Any harm in leaving the oil filter off and oil draining for a few days?

I'd spin the old filter back on if you're worried about it. I've seen a 470 lunched by ingestion of forgotten shop rag. The resultant emergency landing was made to a FSDO airport, which doubled the excitement for all involved.

Like alligators just waiting with open mouths for the bird to walk across their tongue. :D
 
My 0-470 dipsticks have always been wrong. Easy solution. At oil change add the minimum amount of oil you’re comfortable with. For me that’s 8 qts. Run the engine to fill the filter, stop it, and let the oil settle. Scribe a mark for 8 qts. Add two quarts, let settle, scribe a 10 qt line. Add 2 more, scribe a max fill line. Mine are a full 2 qts different from the factory marks. On the other hand, my Lycoming’s dipstick reads correctly even with an aftermarket cold air sump. But I verified it the same way.
My IO-520 dipstick was "wrong" too until I found that the tube it slips in was not seated all the way into its socket. That tube can hang easily up on the edge of the socket it goes into. Make SURE it's all the way in and report back.
 
If a fly crawls into the filter threads, it could conceivably block oil flow into the small holes in the crankshaft, for instance. Knockaknock-boom. There is no filtration of any sort after that point. Oil goes into the peripheral holes in the filter, through the media, and out the middle. There's something about oil and gasoline that attracts bugs. Paint, too.

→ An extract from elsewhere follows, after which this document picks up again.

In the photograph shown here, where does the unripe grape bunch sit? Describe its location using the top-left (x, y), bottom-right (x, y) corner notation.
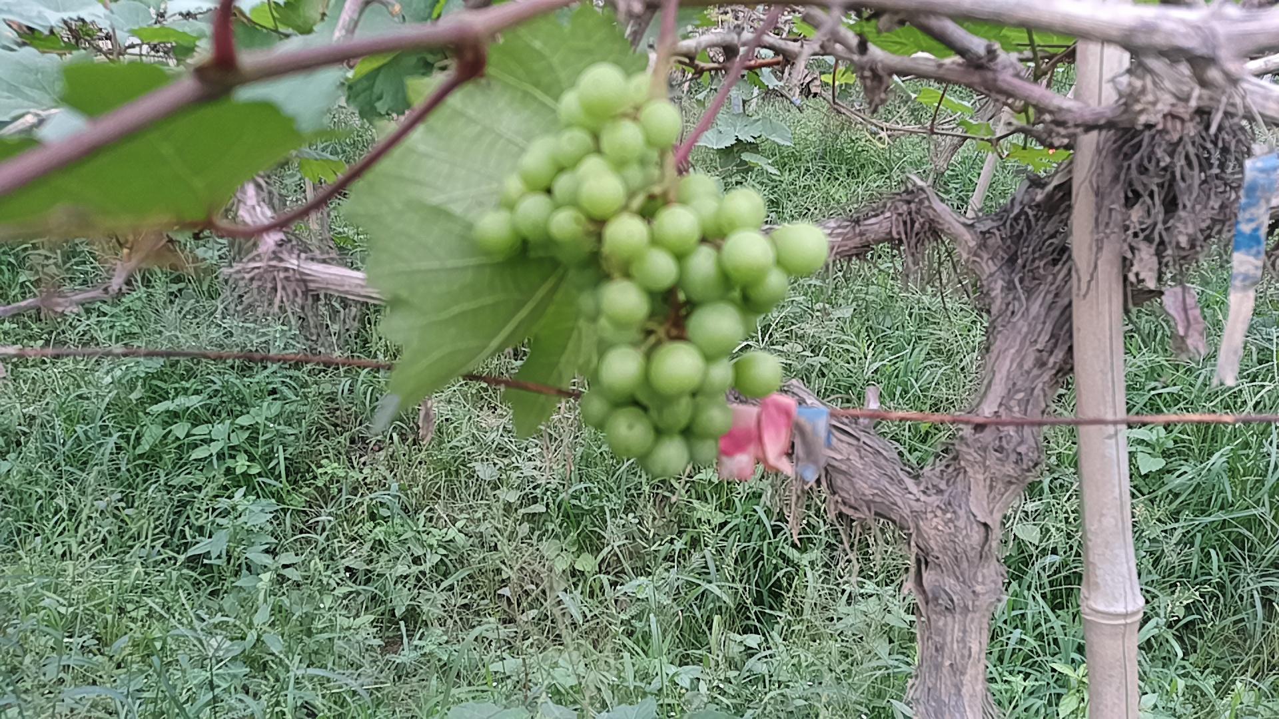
top-left (474, 67), bottom-right (827, 476)

I won't leave magneto or other accessory openings open, either. People have had "little" accidents with loose hardware falling off some spot and bouncing its way into such places, and if it falls into the gearing it gets real bad real quick. Magneto retention clamps and nuts sitting on the area in front of the windshield, for instance. If you have to remove the accessory cover and maybe the sump to find something like that, you never leave anything open again.

Absolutely not.

If the filter is clogged, the pump keeps pumping raising the pressure. The first line of defense is the oil filter bypass valve that will lift allowing oil to flow.

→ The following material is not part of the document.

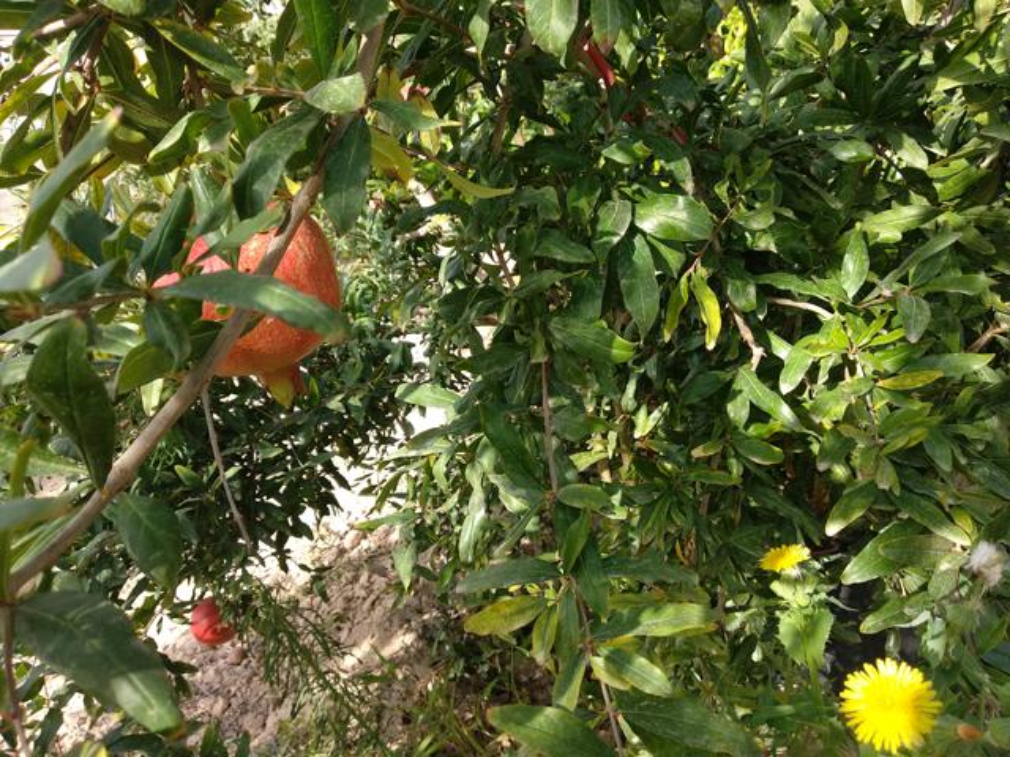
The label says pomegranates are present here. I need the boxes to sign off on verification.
[189,596,235,647]
[151,214,339,408]

The second line is the oil pump oressure relief valve lifting. This can happen at any time the oil pressure is above the relief spring tension.

I can't believe people think like this.
 
Absolutely not.

If the filter is clogged, the pump keeps pumping raising the pressure. The first line of defense is the oil filter bypass valve that will lift allowing oil to flow.

The second line is the oil pump oressure relief valve lifting. This can happen at any time the oil pressure is above the relief spring tension.

I can't believe people think like this.
For Pete's sake. Read my post again. If a bug gets into the oil inlet port of the engine, the center point of the oil filter, it gets pushed into the galleries and can end up in crankshaft galleries that are easily occluded by small things like bugs. There are tiny oil passages in con rods, too, to squirt oil under the piston head and to lube the wrist pin bearing in some engines. Lifter bodies have tiny oil inlet holes, and through them the rockers and valves are lubed. Any of these can be blocked. The relief valve, in an aircraft engine, is not always in the pump. It is often at the end of the entire oil system and dumps the remaining oil to control pressure. Even there, debris can get lodged under the valve and ends up lowering oil pressure at lower RPM. Besides all that, the relief valve in the engine OR the filter has nothing to do with bugs or other stuff getting into the system and clogging small passages. Nothing.



For the fifth time, what are your aviation maintenance qualifications and experience?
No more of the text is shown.